Em Emília Perez, Manitas é uma figura aterradora. Notam-se as marcas no rosto, as tatuagens, a voz dura. Estamos perante um vilão com sangue nas mãos e no dinheiro que conquistou. A advogada Rita Moro Castro (Zoë Saldaña) é desafiada por um dos maiores narcotraficantes do México a mediar um processo de transição de género no mínimo inesperado: Manitas quer ser mulher para fugir à polícia e ter finalmente uma nova vida.
Pode ser um exercício de compaixão extremamente difícil para quem está habituado a olhar para estes rostos do crime com medo. Num musical que conquistou a última edição do Festival de Cannes, durante o filme de Jacques Audiard venceu o Prémio do Júri para todo o elenco, já está a ser um dos títulos mais populares nesta época pré-Óscares. E acima de tudo surge um nome, que deu corpo a Manitas e ao seu novo eu feminino: Karla Sofia Gascón, a madrilena que pode muito bem estar prestes a fazer história como a primeira atriz trans a ser nomeada e a vencer na gala norte-americana.

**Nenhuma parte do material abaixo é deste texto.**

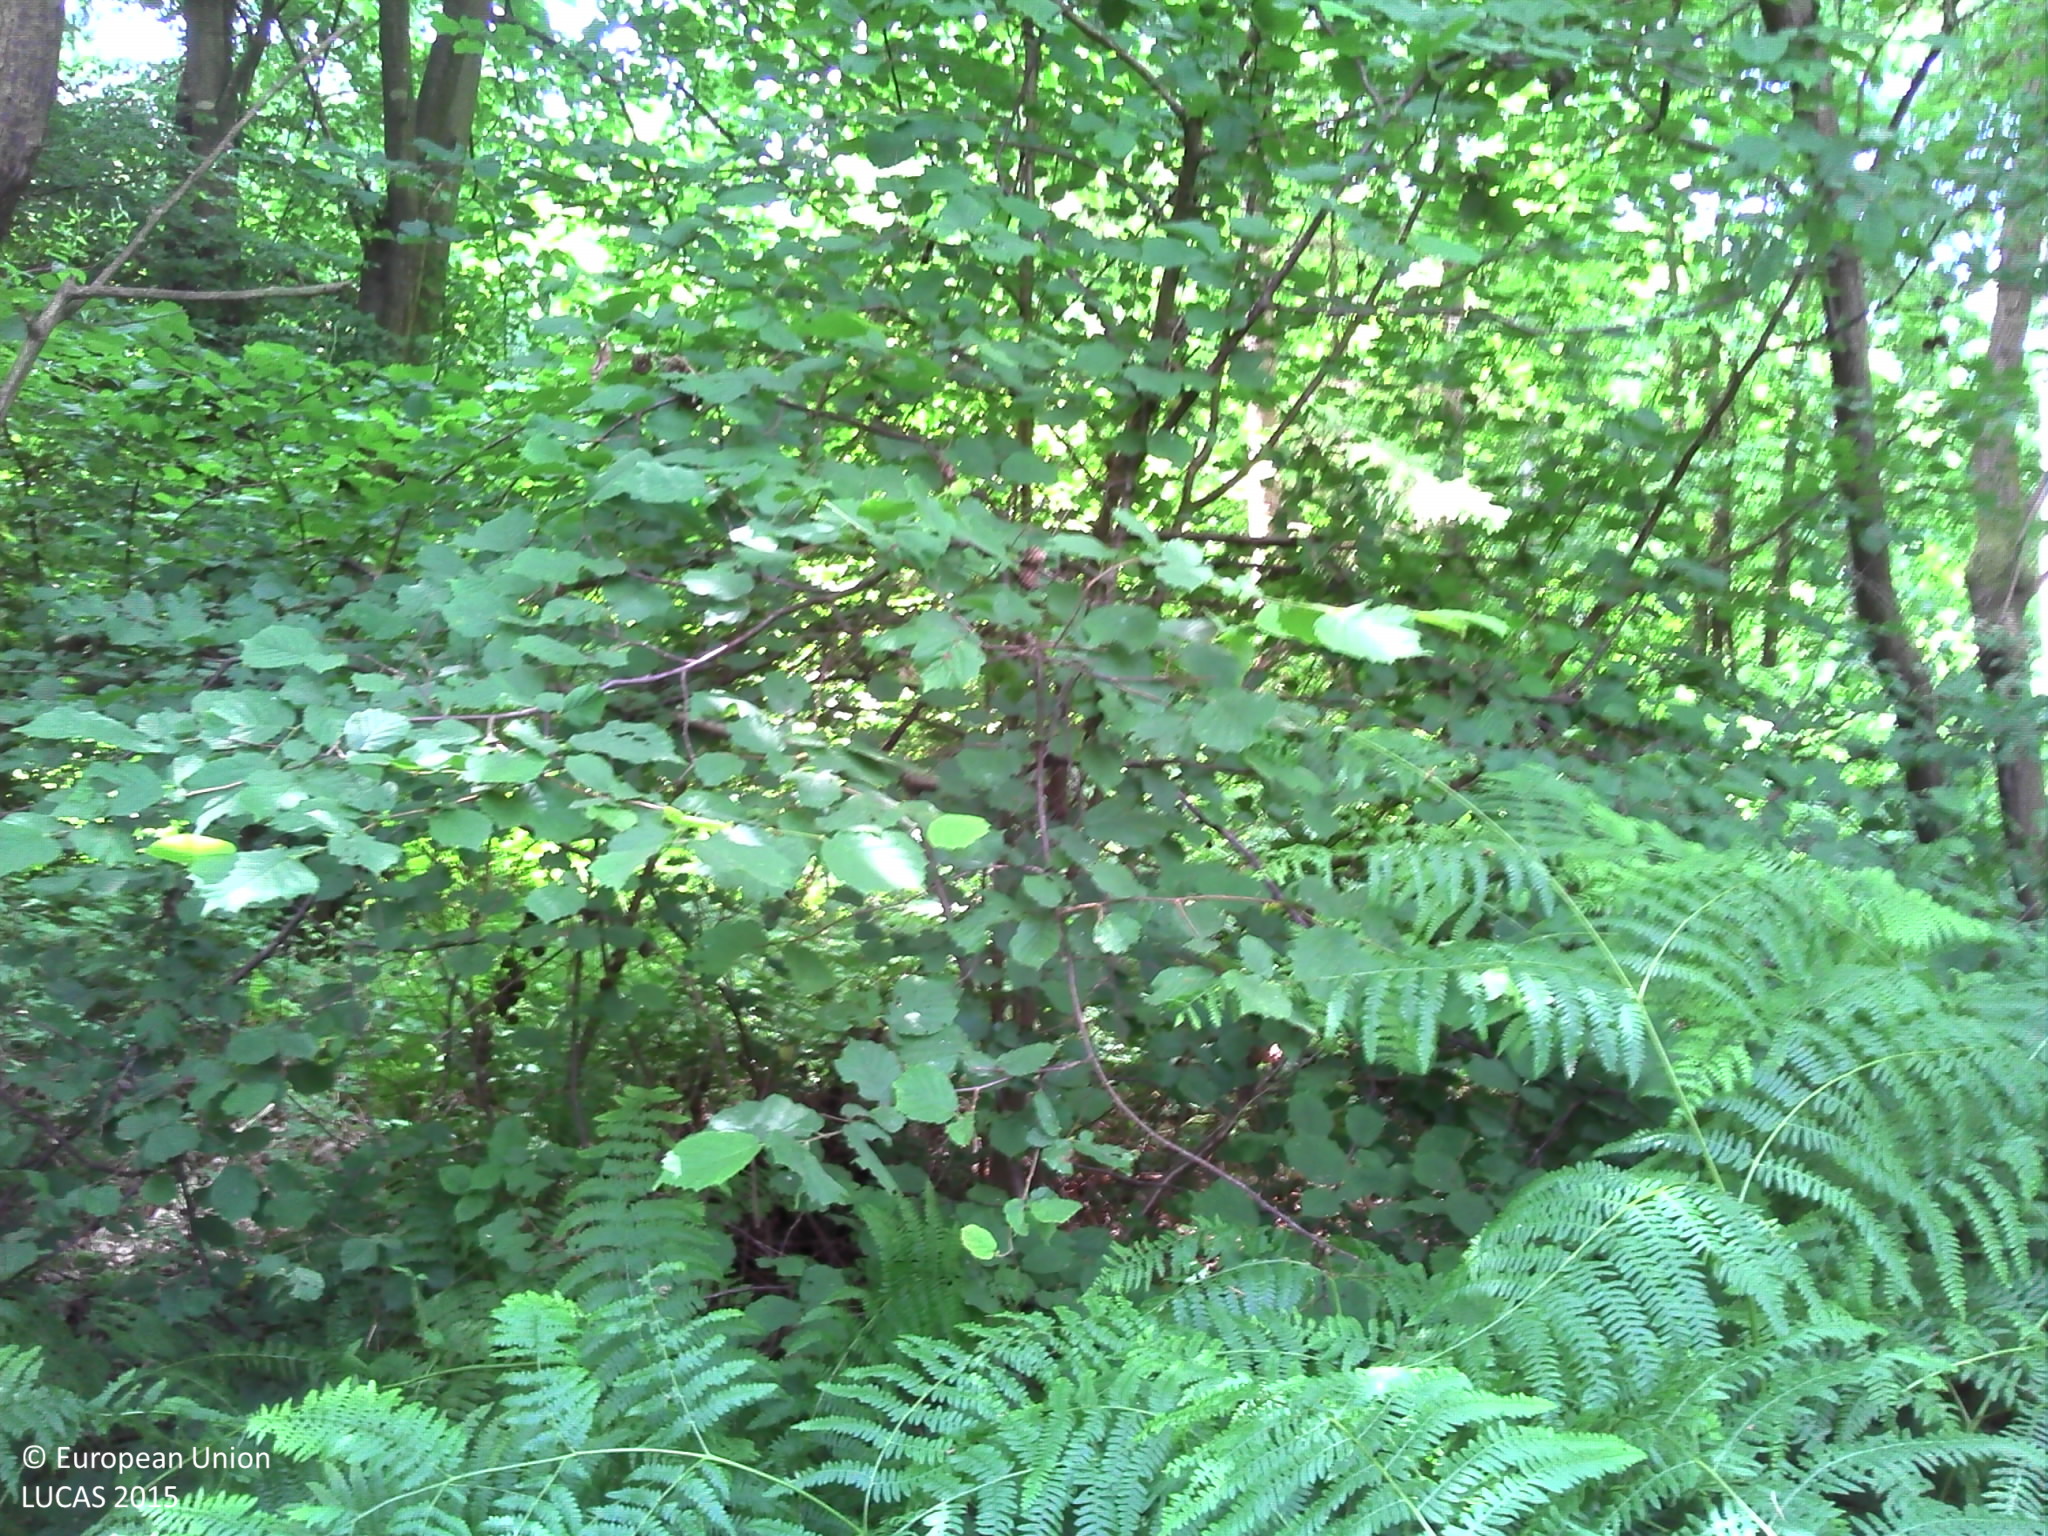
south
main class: Woodland
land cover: Spruce dominated mixed woodland
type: mesophytic deciduous forest
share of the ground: > 75 %
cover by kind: broadleaved forest trees 50 %, coniferous forest trees 40 %, herbaceous plants 10 %
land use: Forestry
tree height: > 5 m
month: June
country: FR
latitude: 49.2422
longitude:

Não passou despercebida no Festival de San Sebastián, onde o Observador pôde falar com a protagonista. O musical estreia-se esta quinta-feira em Portugal. “Neste filme, a música serve para aliviar toda a carga emocional envolvida, mas no caso do Manitas, não. Aprofunda o medo. É a música que inicia o terror”, diz-nos.
[trailer oficial do filme “Emilia Pérez”:]
No espaço dedicado à imprensa do hotel Maria Cristina em San Sebastián, Karla Sofia Gascón não passou despercebida. Fala um inglês ainda atabalhoado que vira logo para espanhol — o filme tem atores latino-americanos, mas será o candidato francês aos Óscares. Transpira a energias simpática e disponível de quem ainda não se sente completamente como uma estrela. Desculpam-se erros linguísticos, o sorriso de orelha a orelha convence os mais desconfiados por esta nova forasteira prestes a causar sensação em Hollywood. O que é certo é que causou impacto na Riviera francesa e no País Basco seguiu a mesma linha: foram tantos os pedidos de entrevista que as mesas redondas tiveram de ser preenchidas de jornalistas até mais não.
O barão da droga e dono de um cartel vai passar a ser a empresária Emilia Pérez. A partir do início e quase até ao fim, sem fazer grandes spoilers, podemos assegurar que a parte musical — porque é, acima de tudo, um musical — tem neste universo de tráfico de droga um papel muito importante. É esse lado que nos desafia a sentir um qualquer tipo de compaixão perante o criminoso e a querer ver mais de Karla Sofia Gascón a partir de agora. “A música complementa as sequência sem tirar ninguém da cena, que é o que acontece noutros filmes do género. Está tudo perfeitamente integrado”, confessa a atriz o Observador.